Asked if there was any downside to running Ocelli in the Preakness, he said, “The only downside is if the horse is not ready to do it.” He noted that the Preakness winner usually is a horse that ran two weeks earlier in the Derby.

The upside, Beckman said, “is the chance to win a Triple Crown race.”

Ocelli came into the Derby winless in six starts, with a second and three thirds, capped by his third place in the Wood Memorial (G2) April 4 at Aqueduct. But Beckman did not consider him a “maiden.”

“Nobody said it to my face, but I’m sure people were thinking, ‘How stupid is this guy putting in a maiden?’” Beckman said. “But they don’t get to see what I see every day. They don’t get to see a horse that wants more and more and more, that trains like an absolute terror. I think the thing we always miss is the development of these 3-year-olds. You don’t know who is going to be the best 3-year-old on the first Saturday in May, in comparison to horses rounding into form in March and April.”

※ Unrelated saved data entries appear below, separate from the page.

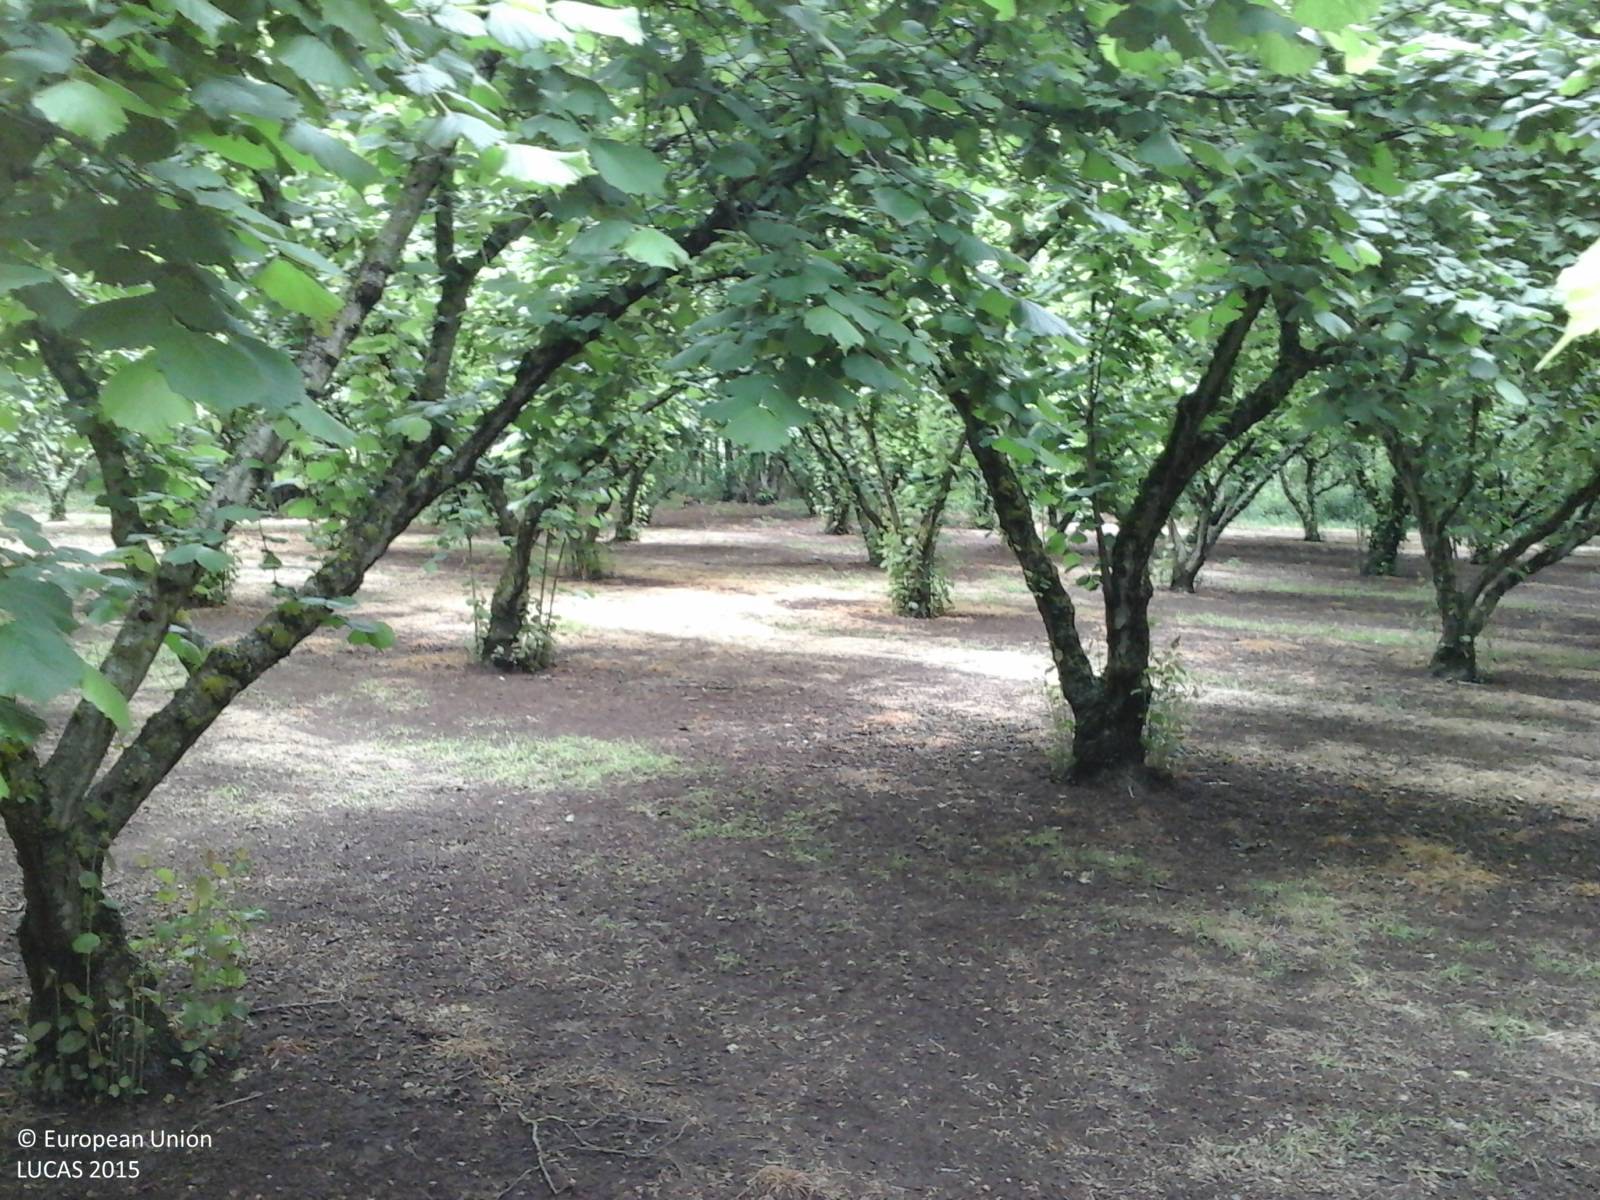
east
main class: Cropland
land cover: Nuts trees
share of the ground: > 75 %
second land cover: Other bare soil
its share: > 75 %
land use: Agriculture (excluding fallow land and kitchen gardens)
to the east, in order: Nuts trees; Other bare soil; Fences; Broadleaved woodland
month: May
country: IT
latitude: 42.2876
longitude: 12.1633

In the Derby, Ocelli stuck his head in front at the sixteenth pole before grudgingly giving way to Golden Tempo and Renegade.

“When he was coming around the turn and just picking up horses real easily … when he passed Danon Bourbon [who took the lead on the far turn], I was watching in the paddock and you couldn’t see the outside horses,” Beckman said. “That was about the longest two seconds of my life, where my breath just stopped and I thought, ‘He can get there!’ Then reality caught up to us. It wasn’t even a whole length, I don’t think.”

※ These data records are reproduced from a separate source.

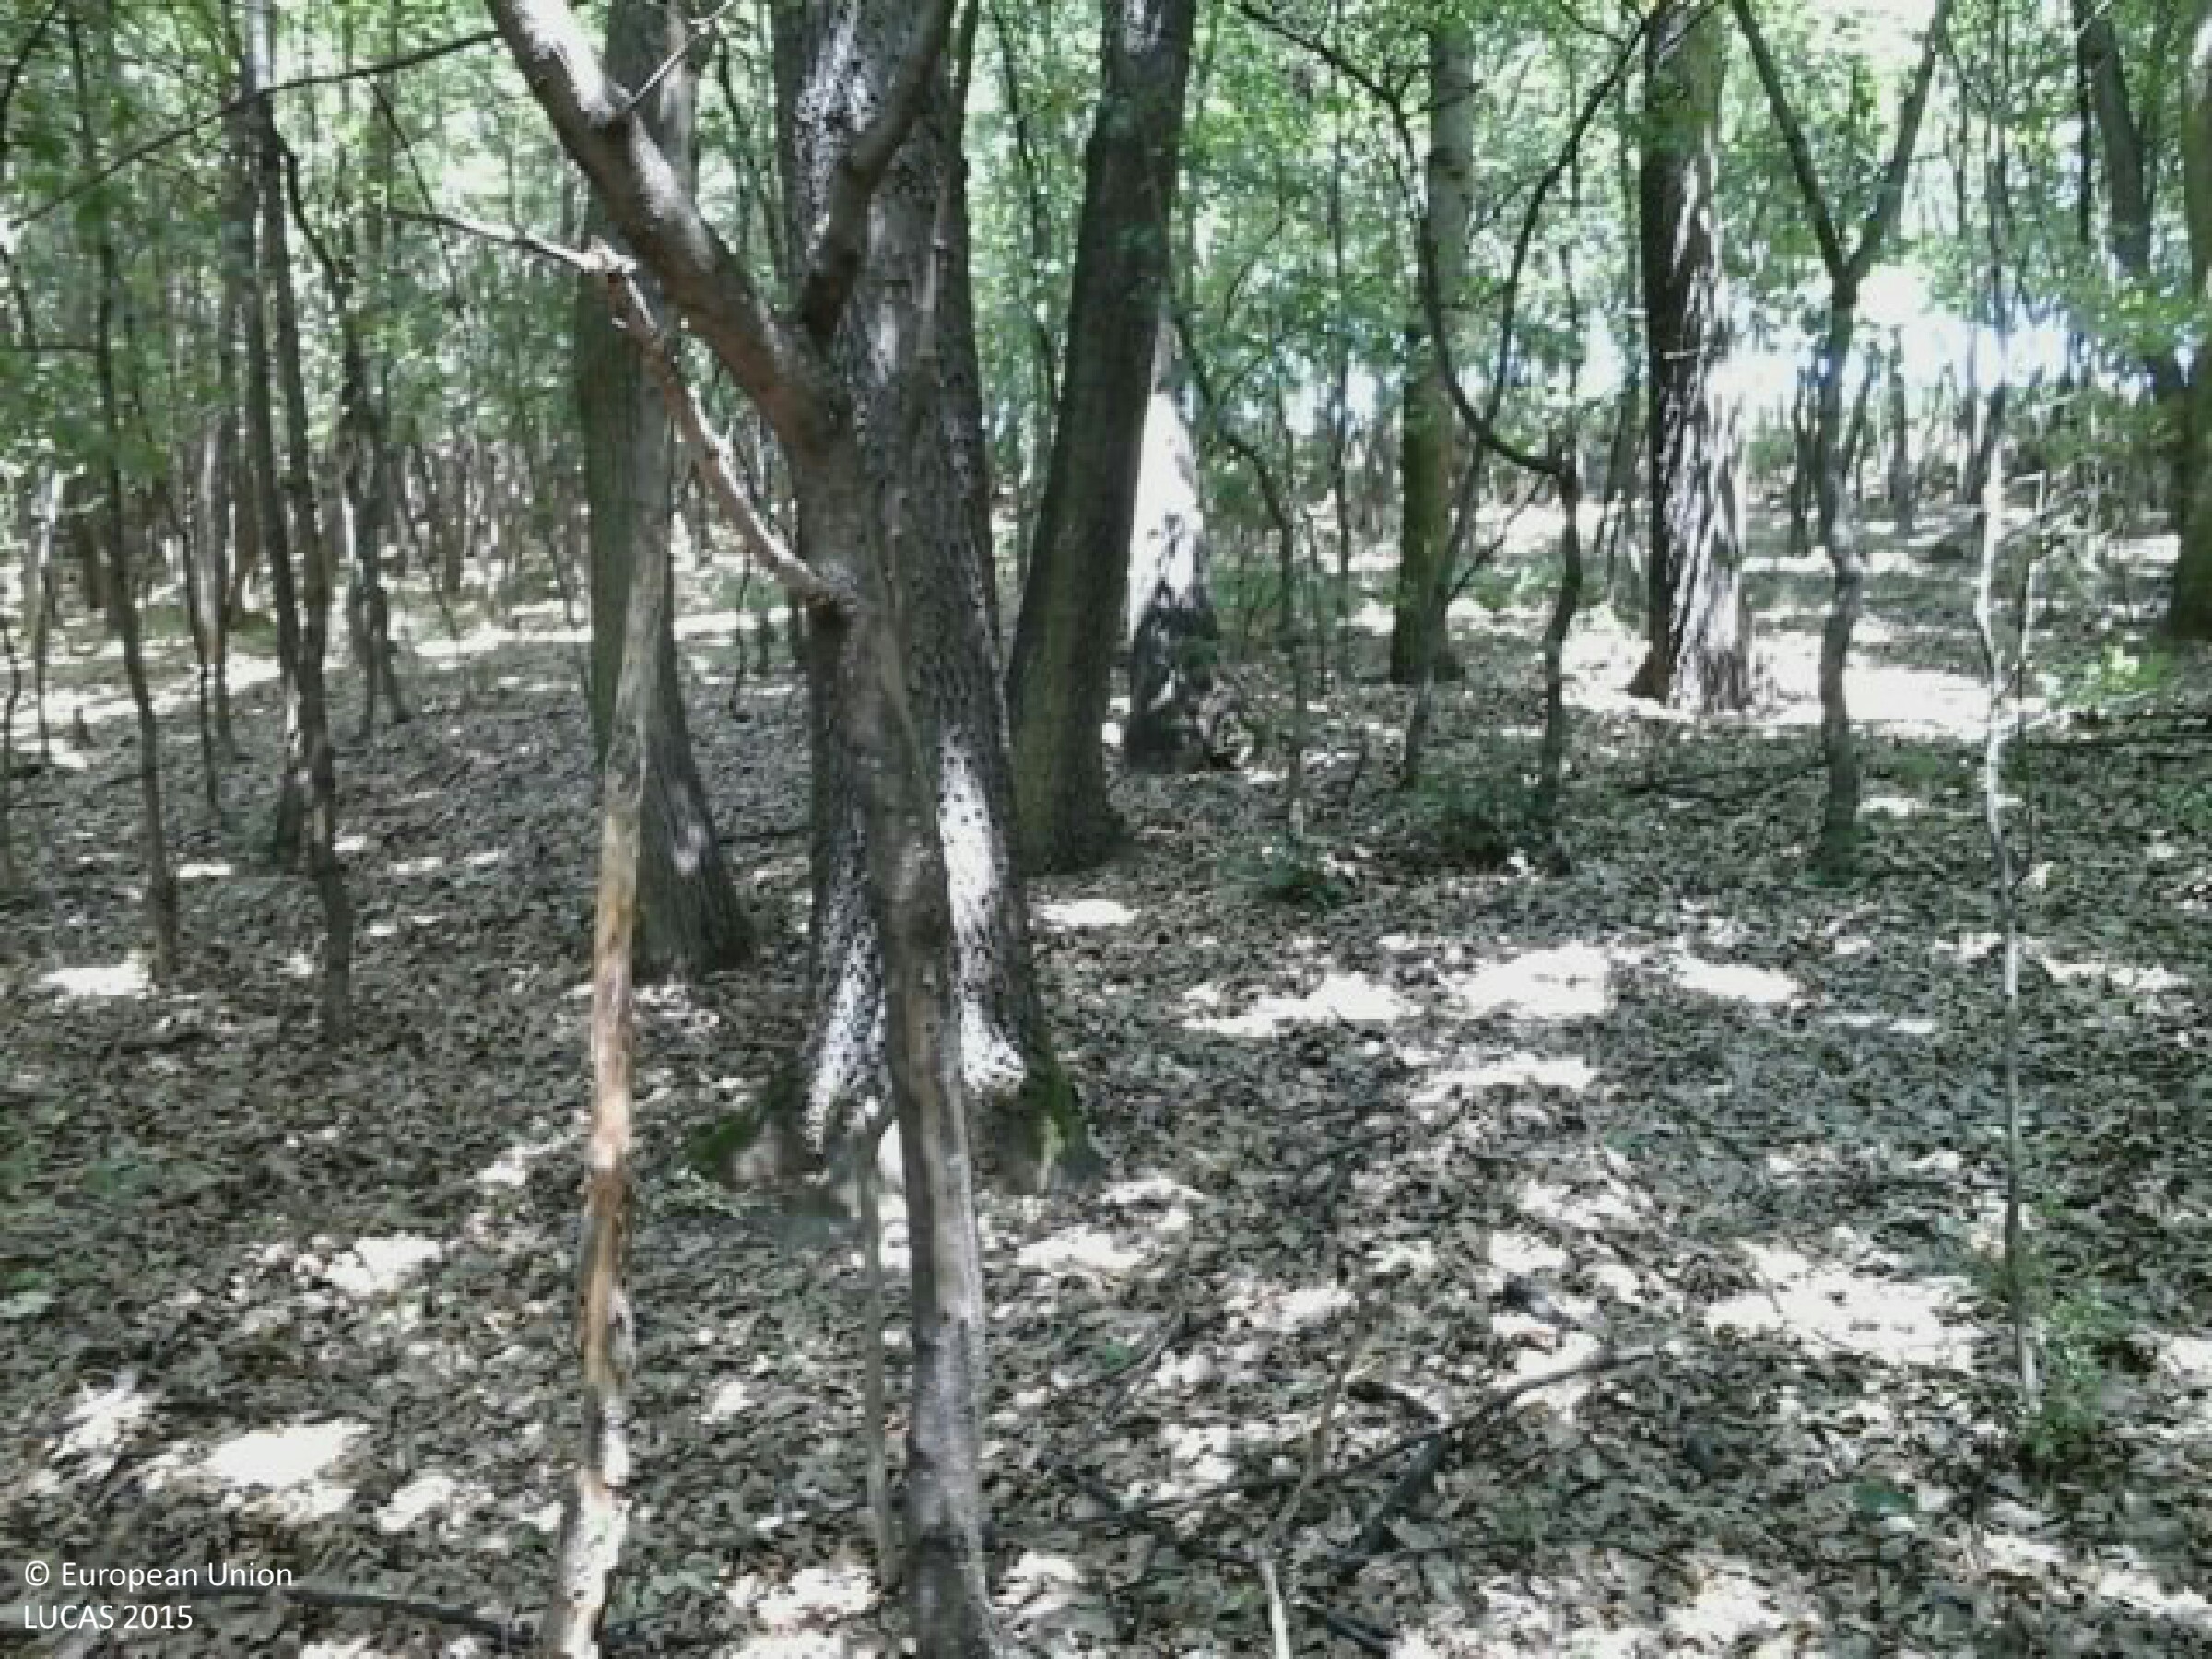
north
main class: Woodland
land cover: Broadleaved woodland
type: mesophytic deciduous forest
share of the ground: > 75 %
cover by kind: broadleaved forest trees 100 %
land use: Forestry
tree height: > 5 m
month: July
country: HU
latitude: 47.8649
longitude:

Bodexpress in 2019 was the last maiden to enter the Preakness, though he dumped Hall of Fame jockey John Velazquez leaving the starting gate and ran the entire race riderless before being caught by an outrider. The most recent maiden to win the Preakness was Refund in 1888, one of six maiden Preakness winners prior to 1900.

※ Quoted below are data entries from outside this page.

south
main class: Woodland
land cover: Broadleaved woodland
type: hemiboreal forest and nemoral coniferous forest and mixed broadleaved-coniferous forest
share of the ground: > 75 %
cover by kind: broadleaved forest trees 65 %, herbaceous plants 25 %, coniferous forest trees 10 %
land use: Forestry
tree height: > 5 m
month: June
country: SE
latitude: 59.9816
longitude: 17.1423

Golden Tempo ‘Doing Great,’ Preakness Decision Upcoming

Kentucky Derby (G1) winner Golden Tempo had his third walk day Tuesday and will return to the track for light training Wednesday at Keeneland. Trainer Cherie DeVaux, speaking at a media availability arranged by Keeneland’s communications department, reiterated that the Preakness decision will be made toward the end of the week.

“He’s doing great,” said DeVaux, whose main base is at Keeneland’s year-round Rice Road stabling area. “He’ll return to the track tomorrow for a light jog. He’ll do that for two days, and then he’ll resume galloping.”

As far as running in the 1 3/16-mile Preakness at Laurel Park, she said, “We’re going to see how much energy he has when he’s on the track, see how he’s moving, see his attitude and things of that nature…. I appreciate there’s history with the Triple Crown. I appreciate everyone is excited about it. However, the horse comes first. So, any of that pressure is outside information from our decision-making.”